A quick note - to restructure a source tree as a first action when forking a package is IMHO ill-advised because you are making it harder to exchange patches with other forks and distributors' patches.

That's a good point, although I am not there is so much going on in Bliss that git could not keep track of it. We're happy to let it go if that can help.

mkoeppe commented 3 years ago

I would suggest to include other distribution maintainers, such as the maintainer of the Debian package, in the conversation.
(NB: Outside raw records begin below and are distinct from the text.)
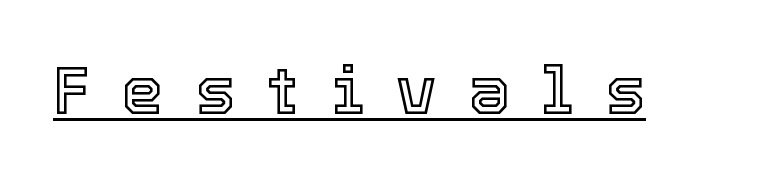
The image shows 67 px text type, upright; set unusually wide letter spacing (+0.48 em), underlined; a medium x-height.
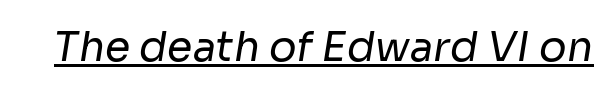
{"serif": "no", "bold": "no", "weight": "regular", "width": "normal", "stroke_contrast": "low", "x_height": "medium", "monospaced": "no", "underline": "yes", "letter_spacing": "normal", "letter_spacing_em": 0.0, "glyph_px": 41}
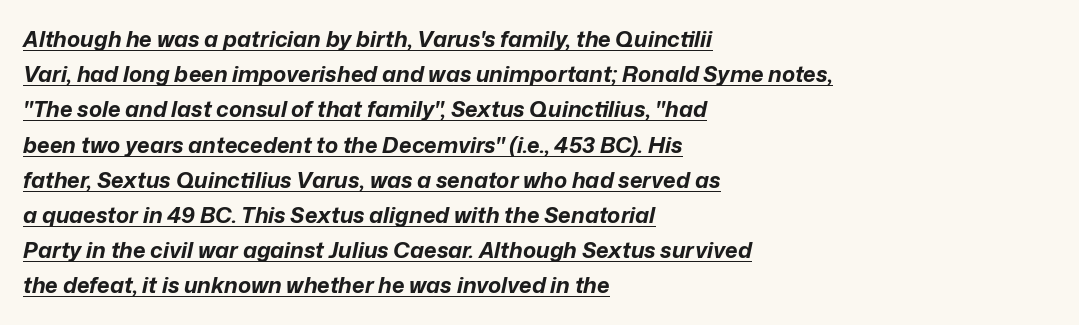
Q: Is the text bold? A: Yes.
Q: Is the text italic (slanted)? A: Yes, it leans right by about 12 degrees.
Q: Is the text underlined? A: Yes.
Q: How is the paragraph aligned? A: Left-aligned.
Q: Is the spacing between letters normal or unusually wide? A: Normal.
Q: Is the spacing between lines tight, normal or loose? A: Normal.
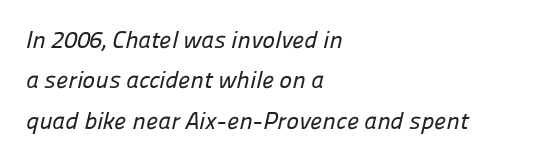
{"underline": "no", "align": "left", "line_spacing": "normal", "line_spacing_ratio": 1.68, "letter_spacing": "normal", "letter_spacing_em": 0.0, "glyph_px": 24}
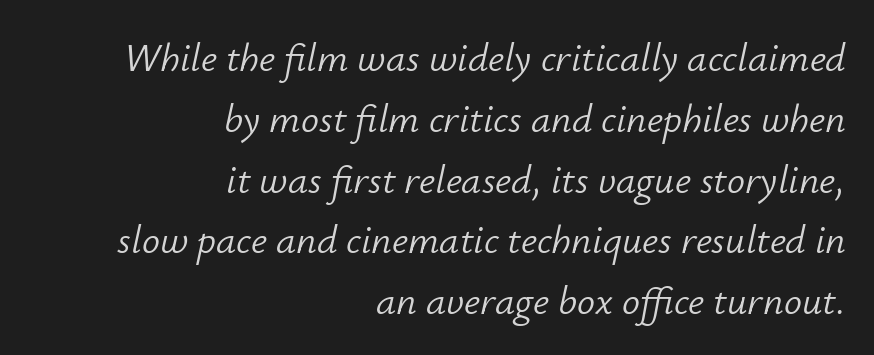
Q: Is the text bold? A: No.
Q: Is the text italic (slanted)? A: Yes, it leans right by about 12 degrees.
Q: Is the text underlined? A: No.
Q: How is the paragraph aligned? A: Right-aligned.
Q: Is the spacing between letters normal or unusually wide? A: Normal.
Q: Is the spacing between lines tight, normal or loose? A: Normal.
Q: Width (condensed, normal, or wide)? A: Normal.
Q: Stroke contrast? A: Low.
Q: x-height? A: Small.
Q: Monospaced? A: No.
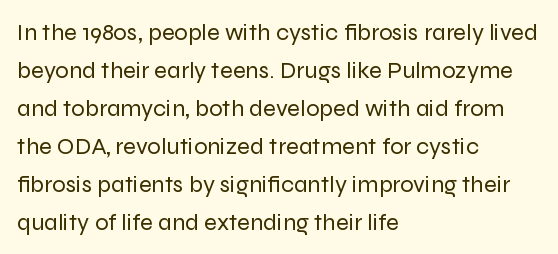
Caption: standard tracking, unaltered. How would I describe the line gaps? Plain and ordinary. Notice how the stems are strictly vertical — no italics here. The typeface has the unassuming heft of standard copy or less. The lines are quadded left.
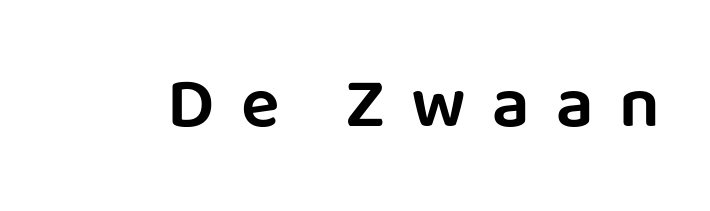
The image shows 72 px sans-serif type, upright; set unusually wide letter spacing (+0.36 em), not underlined; low stroke contrast and a large x-height.

That would be welcome, do you know who they are?

https://repology.org/ is a good starting point to find out.

SageMath could certainly switch to using a different, well-maintained fork if that (1) includes our bug fixes and (2) is able to support the same breadth of platforms as our fork.

Are you suggesting moving to our repository if we merge your changes?

This might happen in the future if we (SageMath) find that your fork is suitable. On the SageMath side there is currently no need for any work on bliss – development is triggered by build failures that need fixing.

mkoeppe commented 3 years ago

Just added a GH Actions workflow for portability testing in #4.

AntoinePrv commented 3 years ago

This is great! On our end, we heard back from Junttila Tommi

Incidentally, I've released new versions during the last weeks that address most of your comments, please see https://users.aalto.fi/~tjunttil/bliss/download.html Observe the new URL; the old URL is still active for some time but will eventually disappear (I cannot currently add a forward pointer in the old page due to some legacy file system issues).

The new versions still use the same algorithms as the previous version 0.73 but C++11 and Windows compatibility have been improved, CMake support introduced, and it is also possible to terminate the search early (with the risk of incompleteness). Shared libraries are also built. C++11 is now required. In Windows, I set the MSVC option /permissive- so that MSVC supports standard C++11 operators "and" and "or". The timer class has been rewritten to use std::chrono.

The new version seems to satisfy our concerns, but there is still a bit of (ongoing) work to move from current SCIP patch to the new node limit API of Bliss. Hopefully we'll no longer need our patch.

There may potentially be an official Github repo for Bliss in the future as well.

mkoeppe commented 3 years ago

Thanks for sharing this news.

antonio-rojas commented 3 years ago

What are the plans for this repo? I'd like to port sage to use bliss 0.77 so I can update it in Arch. It comes with a cmake build system now, although incomplete (no install target). Do you think we can switch back to using plain upstream releases, or will this fork still be needed?

mkoeppe commented 3 years ago

What are the plans for this repo?

My hope is that I can archive it as soon as the Sage distribution has switched to a usable upstream.